For a final look at my general trends, Prophet allows you to separate the different components in your data. For example, you can expect to move more during the summer than during winter (more on that later). Similarly, you might sit behind a desk at work all week, but go on long hikes during the weekend. Plotting these different components can help to get a better grip on that data.
fig2 = m.plot_components(forecast,weekly_start=1)
The top plot reiterates the same trend we’ve observed several times now (i.e. it’s all going down the drain). The middle plot tries to say something meaningful about my yearly activity. Because I have only accumulated a bit more than 3 years of data, these estimates should be slightly more noisy. Finally, the bottom plot shows my weekly activity. My activity peaks on the weekends, with a sharp drop on Sundays (clearly I like my lazy Sundays) and then gradually builds up to the weekend again.
Some more visualizations
I wanted to try out some more summary visualizations. We already saw the weekly and yearly activity thanks to Prophet, but I just wanted to plot them for myself too.
Weekly activity
# Aggregate over days
df_day = df.resample('D',on='startDate').sum()
# Add day indicator to data
df_day['weekday'] = df_day.index.dayofweek.astype('category')
df_day['weekday'] = df_day.weekday.cat.rename_categories(['Monday','Tuesday','Wednesday','Thursday','Friday','Saturday','Sunday'])
# Average over weekdays
plot_week = df_day.groupby('weekday')['steps'].mean()
# Plot weekly activity
fig, ax = plt.subplots(figsize=(10, 6))
plt.plot(plot_week.index.categories,plot_week.values,color='black',linewidth=lnwid)
plt.grid(which='both')
ax.set_axisbelow(True)
# Set labels
ax.set_xticklabels(['Mon','Tue','Wed','Thu','Fri','Sat','Sun'])
ax.tick_params(axis='x',labelsize=axlabelfntsz)
ax.tick_params(axis='y',labelsize=axfntsz)
plt.ylabel('# steps',fontsize=axlabelfntsz)
ax.set_ylim(5000,10000)
plt.show()
Seasonal activity
# Make function to indicate season
Y = 2000 # dummy leap year to allow input X-02-29 (leap day)
seasons = [('winter', (date(Y, 1, 1), date(Y, 3, 20))),
('spring', (date(Y, 3, 21), date(Y, 6, 20))),
('summer', (date(Y, 6, 21), date(Y, 9, 22))),
('autumn', (date(Y, 9, 23), date(Y, 12, 20))),
('winter', (date(Y, 12, 21), date(Y, 12, 31)))]
def get_season(now):
if isinstance(now, datetime):
now = now.date()
now = now.replace(year=Y)
return next(season for season, (start, end) in seasons
if start <= now <= end)
# Add indicator for season
df_day['season'] = df_day.index.to_series().apply(get_season)
df_day['season'] = df_day['season'].astype('category')
# Average over seasons
plot_season = df_day.groupby('season')['steps'].mean()
plot_season.index = plot_season.index.reorder_categories(['spring','summer','autumn','winter'])
# Figure
# Colours for spring/summer/autumn/winter
season_col = np.array([[139, 170, 67],[246, 205, 3],[190, 101, 57],[110, 201, 233]])/255
fig, ax = plt.subplots(figsize=(8, 8))
xval = plot_season.index.categories
plt.bar(plot_season.index.categories,plot_season.values, color=season_col,edgecolor=season_col*.8,alpha=.9,linewidth=lnwid)
# Set labels
ax.tick_params(axis='x',labelsize=axlabelfntsz)
ax.tick_params(axis='y',labelsize=axfntsz)
plt.ylabel('# steps',fontsize=axlabelfntsz)
ax.set_ylim(0,8000)
plt.show()
Conclusions
What is the take-home message here?
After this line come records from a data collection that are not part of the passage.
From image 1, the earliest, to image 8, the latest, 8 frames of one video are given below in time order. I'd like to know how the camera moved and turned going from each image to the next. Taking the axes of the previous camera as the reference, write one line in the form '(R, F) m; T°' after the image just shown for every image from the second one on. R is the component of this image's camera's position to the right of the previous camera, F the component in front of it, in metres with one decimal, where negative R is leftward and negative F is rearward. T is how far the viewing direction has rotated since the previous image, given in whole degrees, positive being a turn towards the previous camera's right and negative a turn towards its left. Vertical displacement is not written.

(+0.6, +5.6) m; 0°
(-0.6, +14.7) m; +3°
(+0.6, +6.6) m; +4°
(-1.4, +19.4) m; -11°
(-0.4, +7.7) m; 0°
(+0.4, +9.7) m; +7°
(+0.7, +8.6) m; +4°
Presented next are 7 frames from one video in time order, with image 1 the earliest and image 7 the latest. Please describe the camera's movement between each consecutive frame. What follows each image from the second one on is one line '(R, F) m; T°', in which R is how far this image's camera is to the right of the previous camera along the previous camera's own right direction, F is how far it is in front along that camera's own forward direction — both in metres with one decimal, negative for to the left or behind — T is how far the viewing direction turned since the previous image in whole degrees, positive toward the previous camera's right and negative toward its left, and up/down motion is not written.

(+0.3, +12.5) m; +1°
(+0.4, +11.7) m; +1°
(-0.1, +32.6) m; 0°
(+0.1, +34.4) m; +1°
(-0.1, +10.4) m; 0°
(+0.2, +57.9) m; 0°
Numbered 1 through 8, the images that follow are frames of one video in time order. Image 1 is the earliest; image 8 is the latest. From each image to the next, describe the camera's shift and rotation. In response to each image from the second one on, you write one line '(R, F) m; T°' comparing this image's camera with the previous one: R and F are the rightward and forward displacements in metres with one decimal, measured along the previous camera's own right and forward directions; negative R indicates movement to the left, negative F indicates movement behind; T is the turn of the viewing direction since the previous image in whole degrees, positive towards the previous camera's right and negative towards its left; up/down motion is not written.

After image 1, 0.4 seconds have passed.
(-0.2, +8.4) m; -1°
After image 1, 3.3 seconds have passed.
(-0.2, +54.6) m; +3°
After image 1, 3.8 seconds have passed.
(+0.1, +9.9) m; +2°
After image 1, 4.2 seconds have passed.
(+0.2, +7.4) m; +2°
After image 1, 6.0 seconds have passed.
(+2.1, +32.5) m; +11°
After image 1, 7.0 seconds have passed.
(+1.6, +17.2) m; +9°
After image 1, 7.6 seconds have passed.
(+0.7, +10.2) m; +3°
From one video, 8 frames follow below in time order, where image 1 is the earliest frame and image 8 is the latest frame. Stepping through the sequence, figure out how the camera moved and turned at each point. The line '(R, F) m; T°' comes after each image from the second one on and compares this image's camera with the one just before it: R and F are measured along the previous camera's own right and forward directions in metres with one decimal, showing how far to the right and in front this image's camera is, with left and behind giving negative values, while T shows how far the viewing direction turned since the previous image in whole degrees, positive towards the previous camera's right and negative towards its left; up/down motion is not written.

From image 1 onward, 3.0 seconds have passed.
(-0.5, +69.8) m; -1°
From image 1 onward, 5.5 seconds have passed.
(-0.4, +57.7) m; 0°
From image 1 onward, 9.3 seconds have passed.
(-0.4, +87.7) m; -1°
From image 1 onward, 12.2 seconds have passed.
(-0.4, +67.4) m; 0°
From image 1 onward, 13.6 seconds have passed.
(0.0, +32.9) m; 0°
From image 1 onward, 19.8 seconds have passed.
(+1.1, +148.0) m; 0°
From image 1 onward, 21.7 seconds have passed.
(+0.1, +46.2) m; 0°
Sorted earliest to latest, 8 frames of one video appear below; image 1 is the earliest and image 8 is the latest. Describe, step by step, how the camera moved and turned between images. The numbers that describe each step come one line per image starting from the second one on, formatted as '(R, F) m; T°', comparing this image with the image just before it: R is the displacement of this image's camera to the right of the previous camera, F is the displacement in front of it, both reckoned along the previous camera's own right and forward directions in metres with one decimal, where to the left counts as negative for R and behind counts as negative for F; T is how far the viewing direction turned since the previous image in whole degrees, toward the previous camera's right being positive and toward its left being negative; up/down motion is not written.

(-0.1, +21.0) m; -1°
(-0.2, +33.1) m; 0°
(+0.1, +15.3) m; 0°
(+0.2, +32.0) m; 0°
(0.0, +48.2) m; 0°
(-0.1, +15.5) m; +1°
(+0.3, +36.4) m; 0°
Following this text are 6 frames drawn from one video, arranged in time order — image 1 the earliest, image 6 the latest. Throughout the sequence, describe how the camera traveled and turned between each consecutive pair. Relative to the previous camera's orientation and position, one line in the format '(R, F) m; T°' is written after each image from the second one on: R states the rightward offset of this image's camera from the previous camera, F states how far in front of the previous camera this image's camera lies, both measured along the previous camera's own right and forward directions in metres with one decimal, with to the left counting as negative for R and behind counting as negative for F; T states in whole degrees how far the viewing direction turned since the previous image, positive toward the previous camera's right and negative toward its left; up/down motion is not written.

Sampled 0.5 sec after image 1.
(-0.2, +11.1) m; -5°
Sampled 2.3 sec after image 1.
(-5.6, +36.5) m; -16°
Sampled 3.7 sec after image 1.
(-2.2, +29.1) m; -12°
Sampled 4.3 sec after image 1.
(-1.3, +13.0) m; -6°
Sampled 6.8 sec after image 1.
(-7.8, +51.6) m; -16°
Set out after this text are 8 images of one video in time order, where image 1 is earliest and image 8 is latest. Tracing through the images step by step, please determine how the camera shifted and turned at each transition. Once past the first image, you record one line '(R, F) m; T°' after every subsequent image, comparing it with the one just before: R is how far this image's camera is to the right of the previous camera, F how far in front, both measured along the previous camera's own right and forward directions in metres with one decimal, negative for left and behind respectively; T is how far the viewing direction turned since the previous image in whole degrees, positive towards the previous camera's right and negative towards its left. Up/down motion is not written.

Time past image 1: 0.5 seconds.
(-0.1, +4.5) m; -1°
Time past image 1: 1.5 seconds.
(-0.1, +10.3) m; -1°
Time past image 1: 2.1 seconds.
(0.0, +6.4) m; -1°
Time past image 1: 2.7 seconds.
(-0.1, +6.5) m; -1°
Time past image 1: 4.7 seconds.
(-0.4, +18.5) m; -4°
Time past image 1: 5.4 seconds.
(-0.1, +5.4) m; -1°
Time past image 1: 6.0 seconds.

Well, I clearly need to start moving around more. One thing the analysis does not take into account however is the time I spend playing squash or other sports. In other words, my phone only tracks my moderate activity levels. Nevertheless, the recommended number of steps is 10 000 independent of more physically intense activities.
It would have been interesting to do more ‘complex’ analyses, such as linking my activity to the daily temperature, precipitation etc. Unfortunately, I am too concerned about my privacy and did not have my location services turned on. Those analyses are going to have to wait another 3 years, when I’ve collected the data!